3. A SEAMLESS INTERFACE Thanks to the iPhone, touch screens have become so familiar that children walk up to TVs and are baffled when they can’t swipe. And landmark Apple interactions such as pinch-to-zoom have removed the barriers of mice and keyboards to make information tangible and easily accessible.
4. IMAGE-CONSCIOUS CONSUMERS By including a camera, the iPhone ensured that people would be able to take photographs at any time, wherever they went, in virtually unlimited quantity. It also gave rise to photo-based social apps like Instagram and Snapchat. As a result, photography has become central to the way we communicate with each other.
5. PRODUCTS AS ACCESSORIES More than even Apple’s beloved Macintosh, the iPhone has shown how important it is to connect elegant industrial design with beautiful and intuitive interfaces. Words like simple, magical, and delightful now rule product design. And our devices are as much fashion statements as they are digital tools.
6. THE NEED FOR SPEED In order to keep up with the increased demand for data following the iPhone’s initial release, AT&T—the product’s original exclusive carrier—introduced nationwide 3G service, at a cost of $20 billion.
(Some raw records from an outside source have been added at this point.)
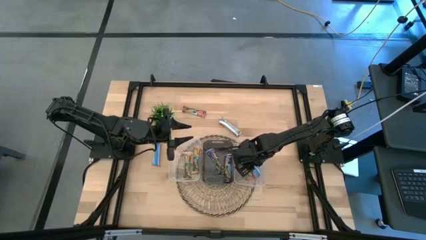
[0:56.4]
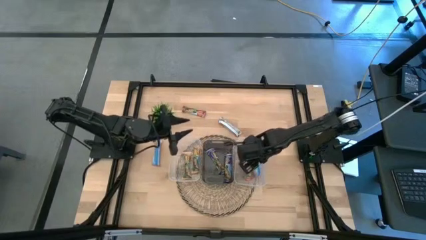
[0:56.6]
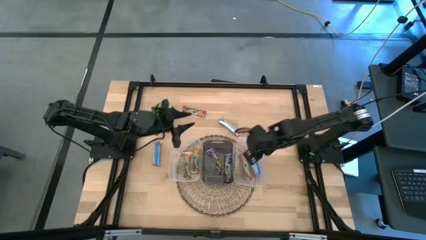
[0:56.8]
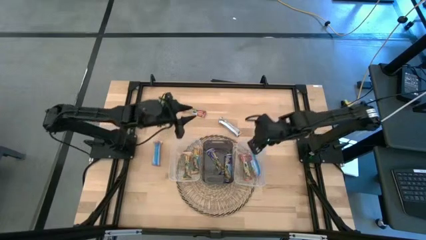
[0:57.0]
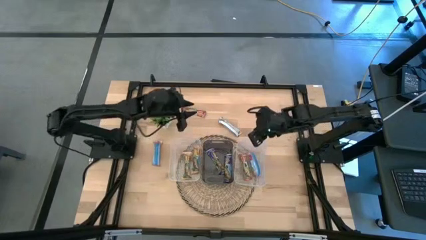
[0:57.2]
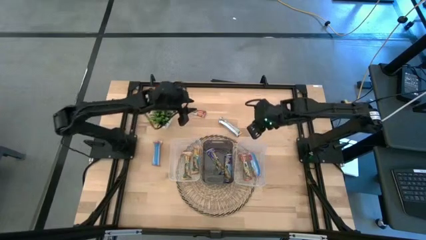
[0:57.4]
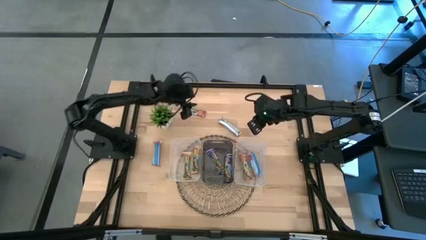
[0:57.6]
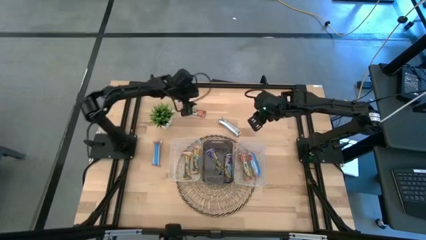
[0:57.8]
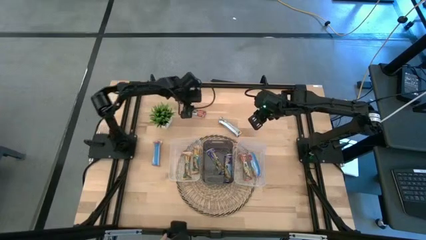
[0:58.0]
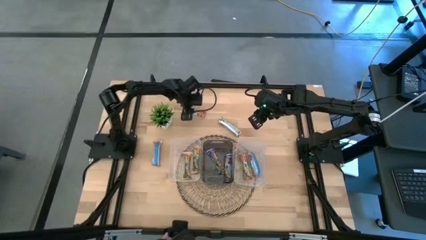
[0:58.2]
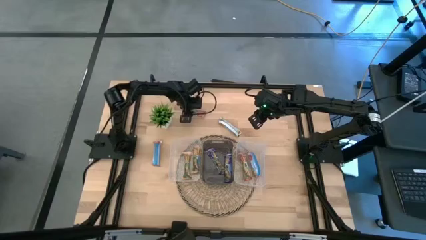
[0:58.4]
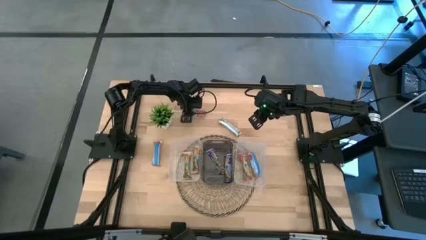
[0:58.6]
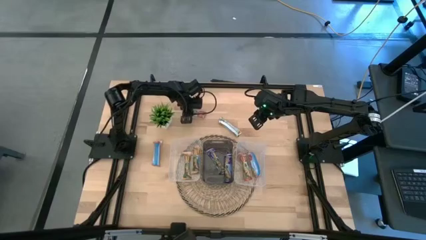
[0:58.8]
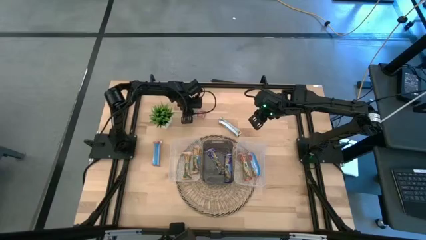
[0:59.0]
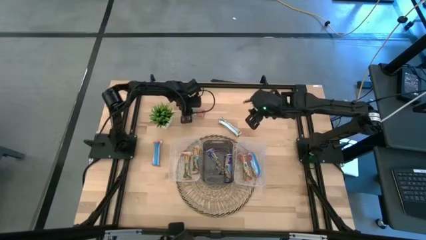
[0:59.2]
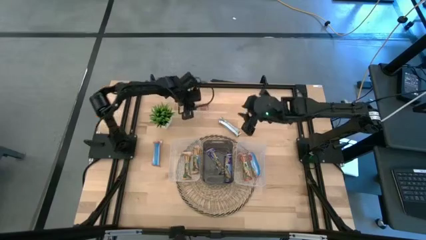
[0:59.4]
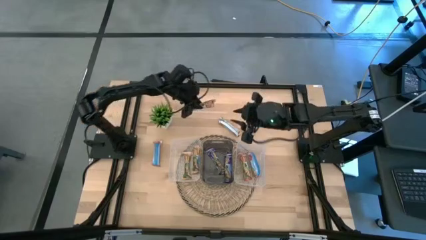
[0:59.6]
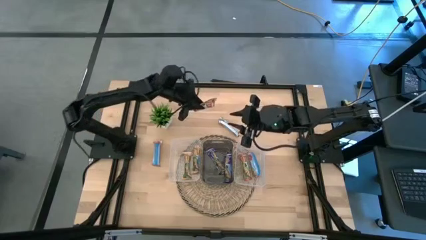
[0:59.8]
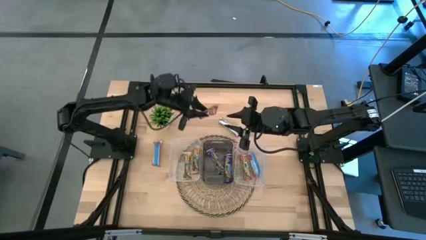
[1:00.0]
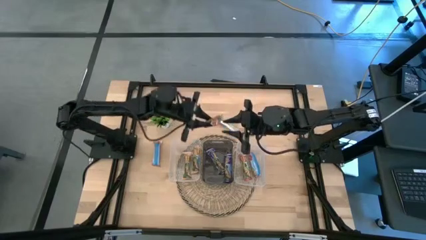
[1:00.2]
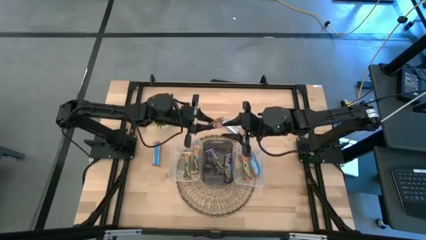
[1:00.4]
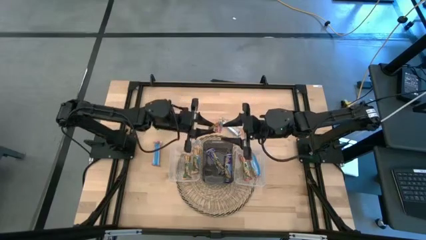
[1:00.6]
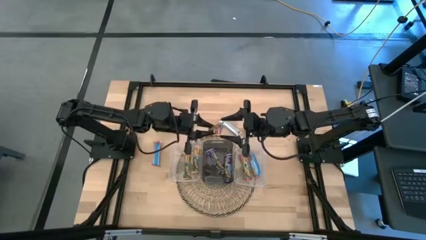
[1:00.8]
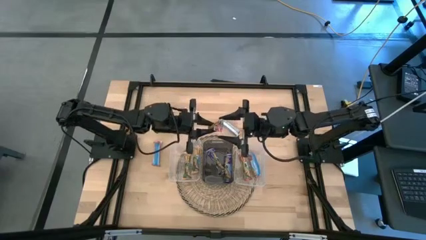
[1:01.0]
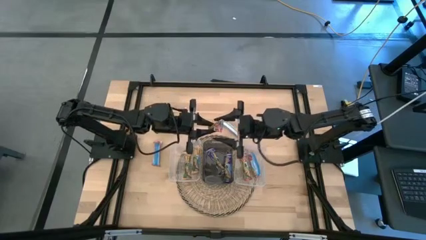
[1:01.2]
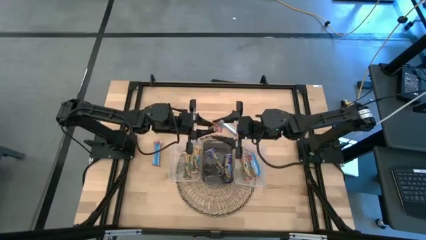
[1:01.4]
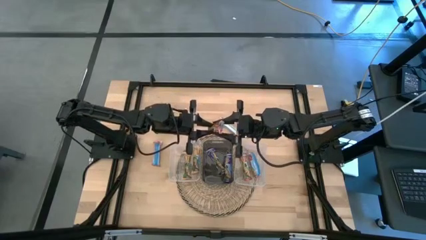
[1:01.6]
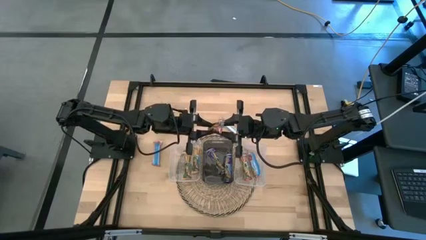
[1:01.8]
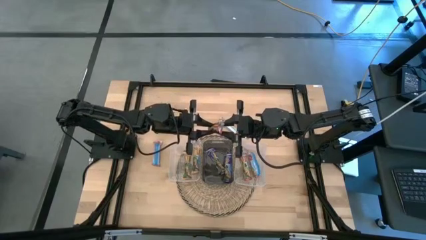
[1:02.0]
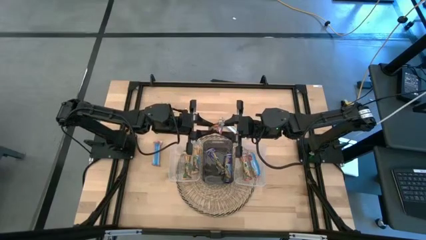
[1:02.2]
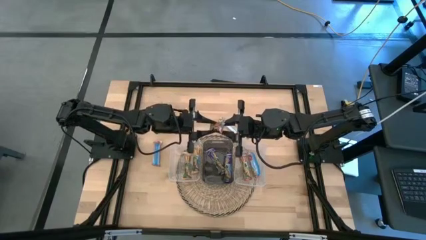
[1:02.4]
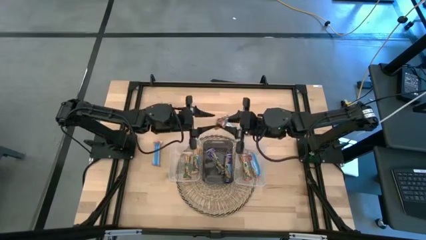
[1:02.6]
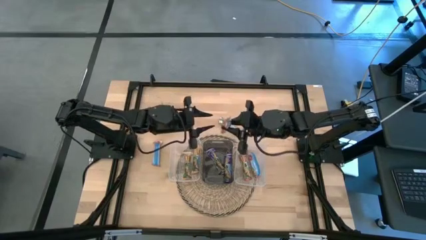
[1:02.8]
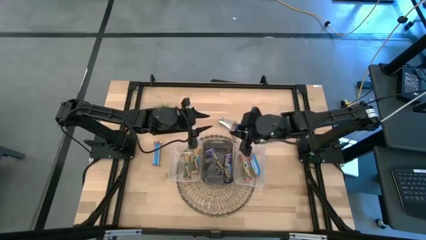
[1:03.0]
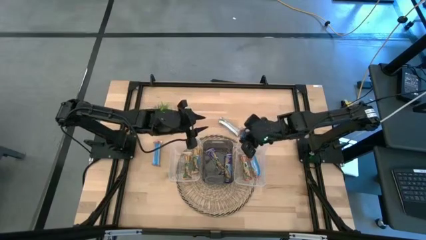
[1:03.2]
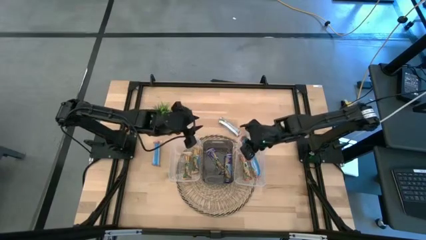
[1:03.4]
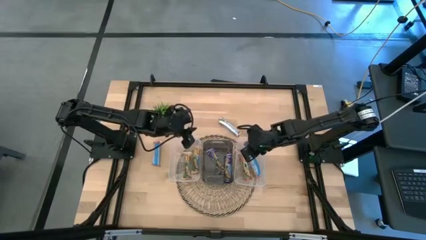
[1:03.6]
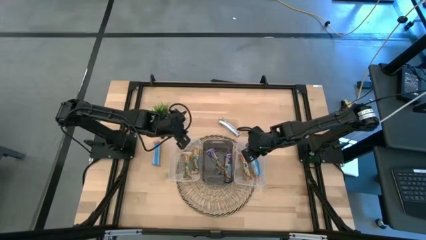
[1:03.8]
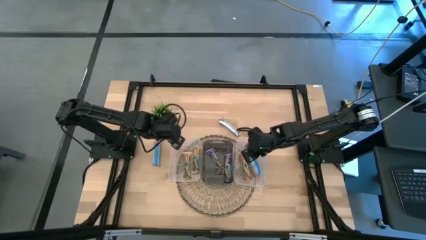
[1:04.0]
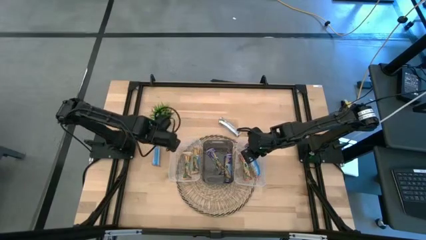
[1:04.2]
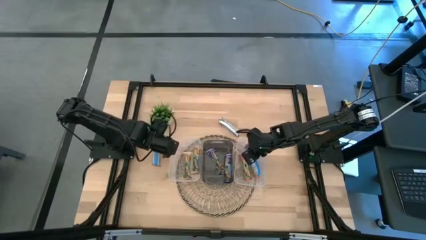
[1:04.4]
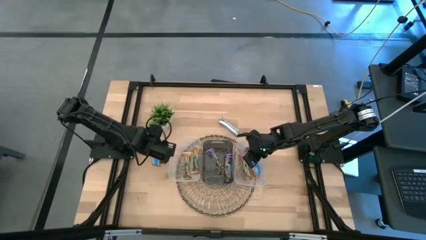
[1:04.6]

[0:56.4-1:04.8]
Task: Pick and place Granola Bars by type
Put the red granola bar into the right transparent bin

Today, every major carrier in the U.S. supports 4G speeds that are fast enough to rival that of broadband.
7. OUTSOURCING'S DARK SIDE Few people thought much about where their devices came from prior to reports of labor violations at factories run by Apple’s Chinese manufacturing partner, Foxconn. Apple has taken steps to improve the situation, but the revelations of unsavory factory conditions were a reminder of the unintended costs of building popular products.
8. A NEW POWER STRUCTURE Remember when Microsoft ruled the world? What about BlackBerry or Nokia? Everything shifted after the iPhone, which sent other phone manufacturers scrambling. Samsung and Xiaomi have built multi-billion-dollar businesses drafting off of Apple. Others were too slow to react and have paid the price.
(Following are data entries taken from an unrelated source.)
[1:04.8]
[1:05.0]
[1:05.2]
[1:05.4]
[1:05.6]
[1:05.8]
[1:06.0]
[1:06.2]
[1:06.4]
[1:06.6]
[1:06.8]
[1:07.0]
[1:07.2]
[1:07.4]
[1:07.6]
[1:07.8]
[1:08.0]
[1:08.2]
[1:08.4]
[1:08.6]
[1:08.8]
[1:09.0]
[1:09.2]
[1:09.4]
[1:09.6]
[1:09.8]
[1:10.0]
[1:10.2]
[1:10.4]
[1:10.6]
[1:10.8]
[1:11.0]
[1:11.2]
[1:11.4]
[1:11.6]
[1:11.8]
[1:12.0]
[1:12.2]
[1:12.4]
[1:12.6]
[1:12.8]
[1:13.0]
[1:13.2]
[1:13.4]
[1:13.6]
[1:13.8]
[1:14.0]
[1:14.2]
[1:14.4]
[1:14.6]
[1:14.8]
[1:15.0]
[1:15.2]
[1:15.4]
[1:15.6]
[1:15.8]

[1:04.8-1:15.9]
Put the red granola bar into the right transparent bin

9. DRAMATIC ENTRANCES With the iPhone unveiling in 2007, Steve Jobs perfected the art of turning new-product introductions into theatrical, buzz-worthy productions. iPhone reveals are now closely watched and tightly choreographed moments—more cultural events than device announcements.
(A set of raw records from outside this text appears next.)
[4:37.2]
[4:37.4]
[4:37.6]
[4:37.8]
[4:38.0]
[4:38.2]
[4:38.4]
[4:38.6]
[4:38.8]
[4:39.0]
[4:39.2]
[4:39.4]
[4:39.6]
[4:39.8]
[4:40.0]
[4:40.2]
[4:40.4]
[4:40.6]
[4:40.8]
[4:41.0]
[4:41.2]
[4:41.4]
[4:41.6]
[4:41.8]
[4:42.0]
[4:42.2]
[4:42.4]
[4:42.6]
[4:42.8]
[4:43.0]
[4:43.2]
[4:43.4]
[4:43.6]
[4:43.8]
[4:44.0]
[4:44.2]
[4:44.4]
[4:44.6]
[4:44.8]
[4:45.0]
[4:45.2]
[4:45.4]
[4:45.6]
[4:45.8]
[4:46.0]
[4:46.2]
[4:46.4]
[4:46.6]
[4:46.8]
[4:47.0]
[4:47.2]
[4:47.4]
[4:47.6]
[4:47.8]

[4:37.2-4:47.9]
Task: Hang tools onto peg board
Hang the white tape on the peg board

Economic downturns can be surprisingly fertile soil. Apple, Disney, and General Motors were all born from recessions—evidence that when the economy is down, some of the most resilient ideas rise up. The same was true in 2008. Businesses closed doors and layoffs came in waves. But even as Wall Street crashed, green shoots were appearing in Silicon Valley and elsewhere, thanks to entrepreneurs who saw opportunities for innovation in the downfall. It’s no coincidence that the crowdfunding movement emerged that year, marked by Indiegogo’s debut at the Sundance Film Festival. The sharing economy also took root, with Brian Chesky, Joe Gebbia, and Nathan Blecharczyk launching Airbedandbreakfast.com to accommodate attendees at the Democratic National Convention in Denver that August. And as the year shuddered to a close, future Uber founders Garrett Camp and Travis Kalanick began brainstorming ways to fix San Francisco’s cab problem. —Jessica Hullinger
Neda Agha-Soltan, only 26 years old, was shot dead on June 20, 2009. The philosophy student was on her way to watch the protests against the victory of Mahmoud Ahmadinejad in the Iranian presidential election when she was struck by a single bullet, believed to have been fired by security forces.
She died surrounded by onlookers, who held her as she bled—an act that was captured by a shaking cell-phone camera and uploaded to Facebook and YouTube. The video quickly went viral on Twitter, and soon media outlets like the BBC and CNN began broadcasting versions, turning Agha-Soltan into the face of the Green Movement in Iran and drawing attention to clashes between the Iranian people and their government. Never before had citizens in crisis been able to disseminate their stories so easily to millions of strangers around the world.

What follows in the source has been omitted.